Samyama.ai's graph-grounded optimization beats OR-tools on 7 real-world problems
New paradigm uses knowledge graphs and Rao metaheuristics for non-linear optimization.
A new paper from Samyama.ai introduces graph-grounded optimization, a paradigm where real-world optimization problems source decision variables, constraints, and objective coefficients directly from a property knowledge graph via Cypher queries. This replaces traditional free-form text or static tabular inputs. The authors surveyed existing LLM/SLM-driven systems like OptiMUS, Chain-of-Experts, and OPRO, noting that none consume property graphs as primary inputs. They instantiated their approach in the open-source samyama-graph database and evaluated it on seven diverse problems: drug repurposing (245K-node biomedical KG), clinical-trial site selection (7.78M-node registry), Indian supply-chain rerouting (5.34M-node OSM road graph), healthcare equity allocation, economic-environmental grid dispatch, antimicrobial-resistance stewardship (10.4K resistance genes), and wildfire evacuation routing.

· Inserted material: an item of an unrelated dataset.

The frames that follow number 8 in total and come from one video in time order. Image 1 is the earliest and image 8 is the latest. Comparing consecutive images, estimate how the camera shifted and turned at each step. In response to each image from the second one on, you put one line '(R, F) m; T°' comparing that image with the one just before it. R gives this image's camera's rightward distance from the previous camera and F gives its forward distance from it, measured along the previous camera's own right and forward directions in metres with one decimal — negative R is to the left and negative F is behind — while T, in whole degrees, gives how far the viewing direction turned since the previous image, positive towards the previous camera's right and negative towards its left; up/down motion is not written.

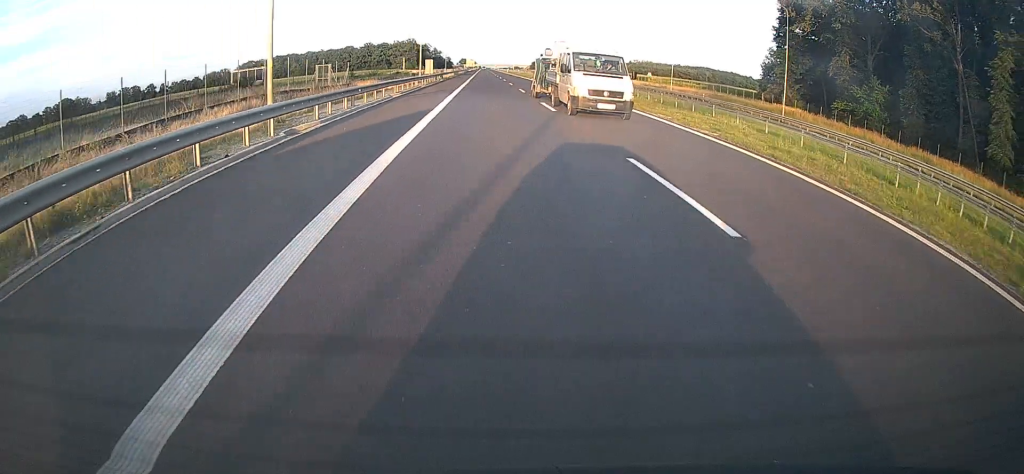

They compared a portfolio of Rao-family metaheuristics—BMWR, Jaya, SAMP-Jaya, EHR-Jaya, and Rao-1—against Google OR-tools (CP-SAT and GLOP). Key findings: (i) No single Rao variant dominates across all problem types; BMWR wins on discrete-with-tradeoff and high-dimensional hard-constrained problems, while Rao-1 wins on continuous low-to-mid-dimension problems, supporting a portfolio approach. (ii) OR-tools dominates on small linear/MILP-friendly subproblems but cannot encode the non-linear objectives that emerge in several real-world settings. (iii) Graph-grounded formulations surface data-quality issues—missing properties and degenerate aggregates—that purely text-formulated optimization would silently mask. This work highlights the importance of structured data sources and algorithm diversity for tackling complex optimization tasks.
- No single Rao variant dominated; BMWR excelled on discrete problems, Rao-1 on continuous, supporting a portfolio approach.
- Google OR-tools (CP-SAT, GLOP) won on small MILP subproblems but couldn't handle non-linear objectives present in real-world settings.
- Graph-grounded formulations revealed data-quality issues (missing properties, degenerate aggregates) hidden by text-based methods.
Why It Matters
Optimization over knowledge graphs unlocks real-world problems but demands diverse solvers and data quality checks.